A Template Micro‑App: Recreating the 'Dining App' as an Internal Productivity Tool
A reusable template to build tiny decision‑help micro‑apps: data model, rule engine, and LLM prompts to ship in days.
Beat decision fatigue and slow workflows with a tiny, powerful micro‑app
If your teams waste hours debating where to meet, which vendor to pick, or who should own the next on‑call shift, you don’t need another monolith — you need a micro‑app template that teams can deploy in days, not months. In 2026, with advanced LLMs, policy engines, and low‑code UIs maturing, recreating a tiny 'Dining App' as an internal decision‑help micro‑app is one of the fastest ways to reduce friction and standardize choices across engineering and ops.

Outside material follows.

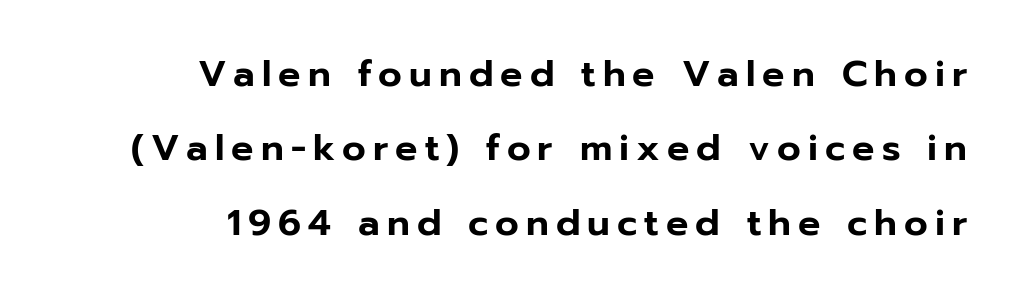
You can tell from the bare stems that sans-serif type was used. Do the characters align in a grid? No, the font is proportional. The specimen omits any rule beneath the text block's lines. The lines in this sample share a right terminus and differ only in where they begin. Tall strokes in this sample are plumb rather than angled.

What this guide gives you (quick)
- Reusable data model for decisions, users, preferences, and audit trails
- Rule engine patterns and sample rules for deterministic routing
- LLM prompt templates for contextual suggestions plus structured JSON outputs
- Integration recipes for Slack, Jira, GitHub, and event sources
- Security & compliance checklist for auditable decisioning
- Step‑by‑step rapid build plan so non‑devs can own micro‑apps
The 2026 context: why a tiny 'Dining App' pattern matters now
Late 2025 and early 2026 solidified several trends: LLMOps became mainstream, low‑latency model APIs moved to enterprise clouds, and policy engines (OPA variants) were deployed in more organizations for governance. At the same time, teams adopted 'micro' apps — purpose‑built, ephemeral tools — to solve single decision problems without expanding codebases. The Dining App is an archetype: it maps users, constraints, and preferences to ranked options. That archetype translates directly to internal workflows like vendor selection, meeting location, on‑call pairing, and quick triage routing.

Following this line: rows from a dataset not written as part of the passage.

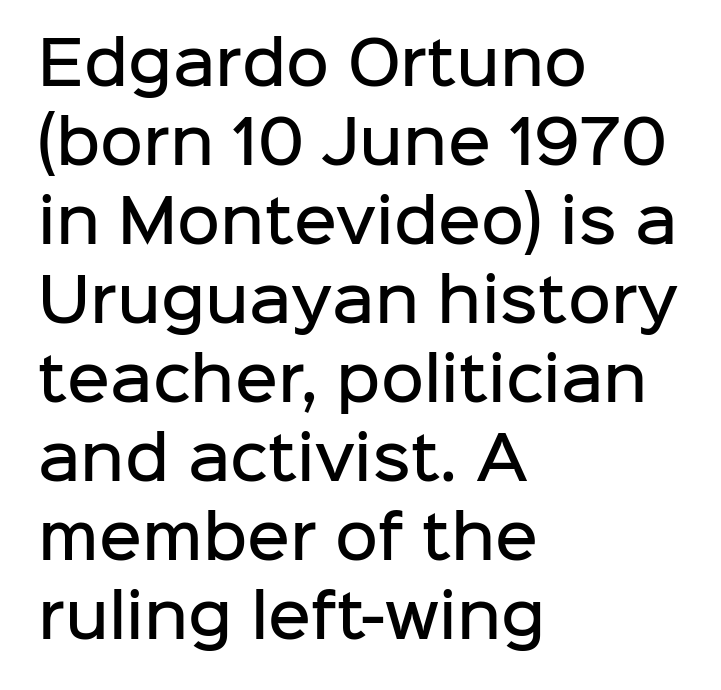
Posture: upright roman. Spacing between characters is what you'd get straight out of the box. The rendering uses a moderate line-height, typical for paragraphs. The rendering shows plain stroke endings on the letterforms — a sans-serif design.
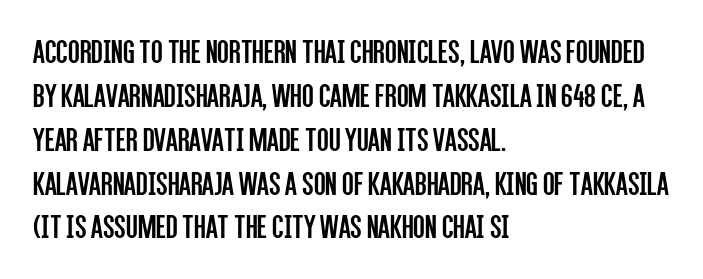
{"serif": "no", "italic": "no", "bold": "no", "weight": "regular", "width": "condensed", "stroke_contrast": "low", "x_height": "large", "monospaced": "no", "underline": "no", "align": "left", "line_spacing": "normal", "line_spacing_ratio": 1.29, "letter_spacing": "normal", "letter_spacing_em": 0.0, "glyph_px": 34}
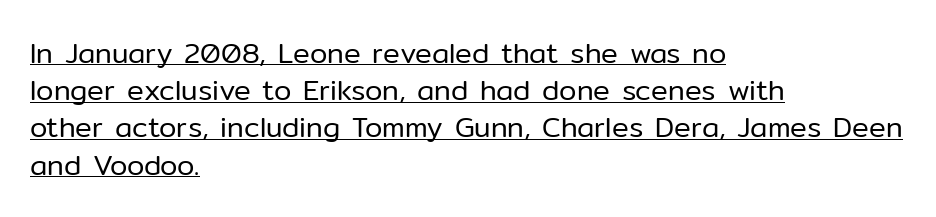
Normally led — the rows are evenly, conventionally spaced. Students, note that the glyphs here touch the page at normal intervals. When letters stand straight like this, we call the style roman or upright. No heavy texture on the line: the type isn't bold. Compared with undecorated copy, this sample adds a rule below the words. Looks like regular typesetting: each glyph gets only the width it needs.

Design principles: keep it tiny, explainable, and auditable
- Tiny: Solve one decision. Keep UI and logic minimal.
- Explainable: Combine deterministic rules with LLM suggestions and show why an option was chosen.
- Auditable: Log inputs, rules, model version, and output so decisions are traceable for SLAs and compliance. See guidance on reconciling vendor SLAs when your decision impacts third‑party uptime.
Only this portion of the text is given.